▶ WHAT YOU HAVE TO DO
Hand back the entries exactly as written, minus every picture.
-*-
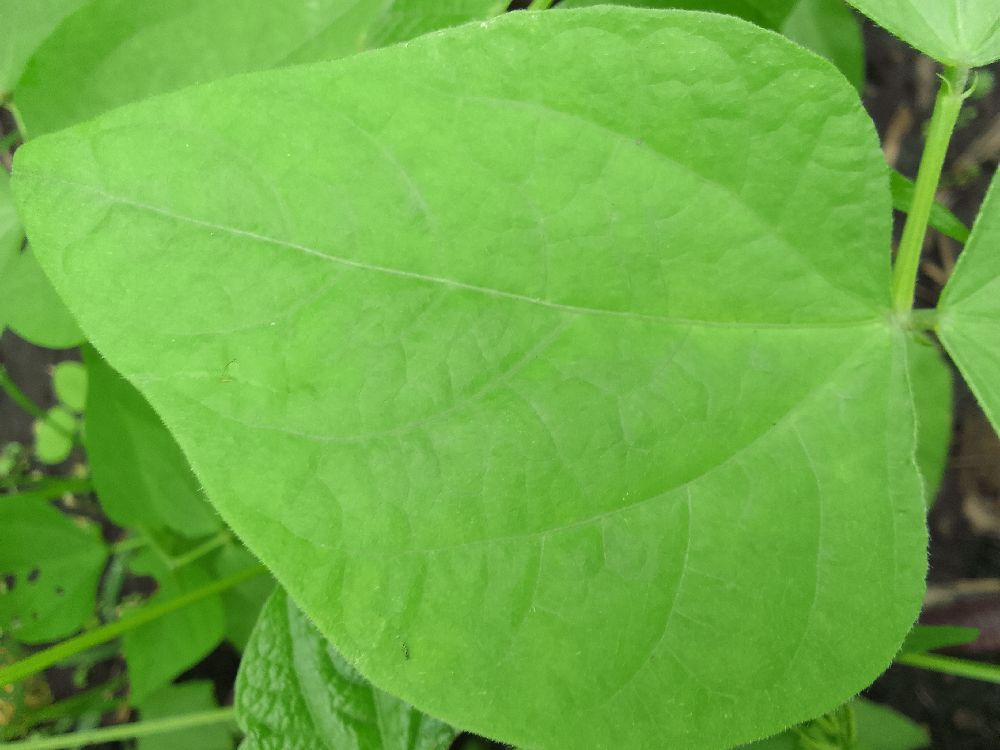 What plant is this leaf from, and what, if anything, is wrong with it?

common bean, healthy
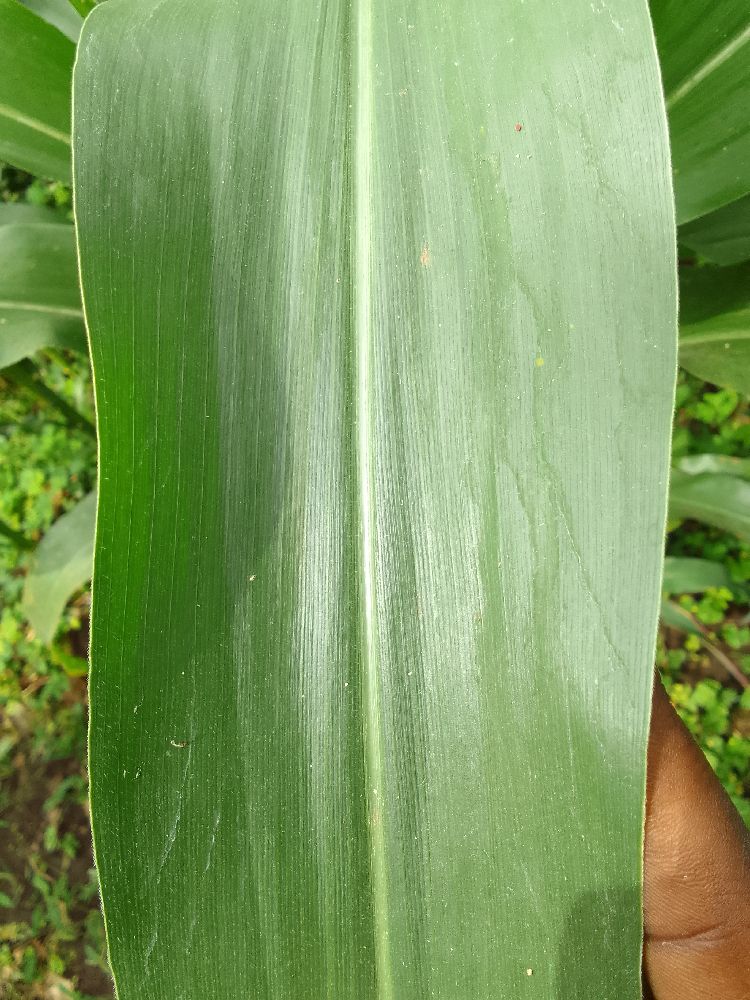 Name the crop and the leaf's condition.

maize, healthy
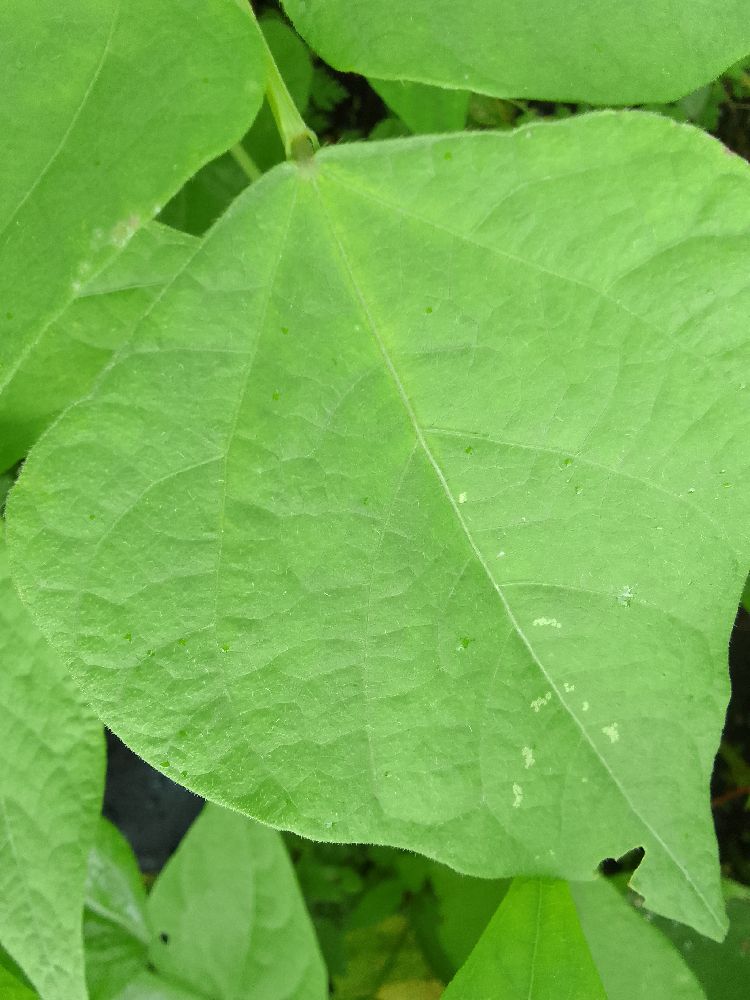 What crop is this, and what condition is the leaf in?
-*-
▶ SOLUTION
 What plant is this leaf from, and what, if anything, is wrong with it?

common bean, healthy
 Name the crop and the leaf's condition.

maize, healthy
 What crop is this, and what condition is the leaf in?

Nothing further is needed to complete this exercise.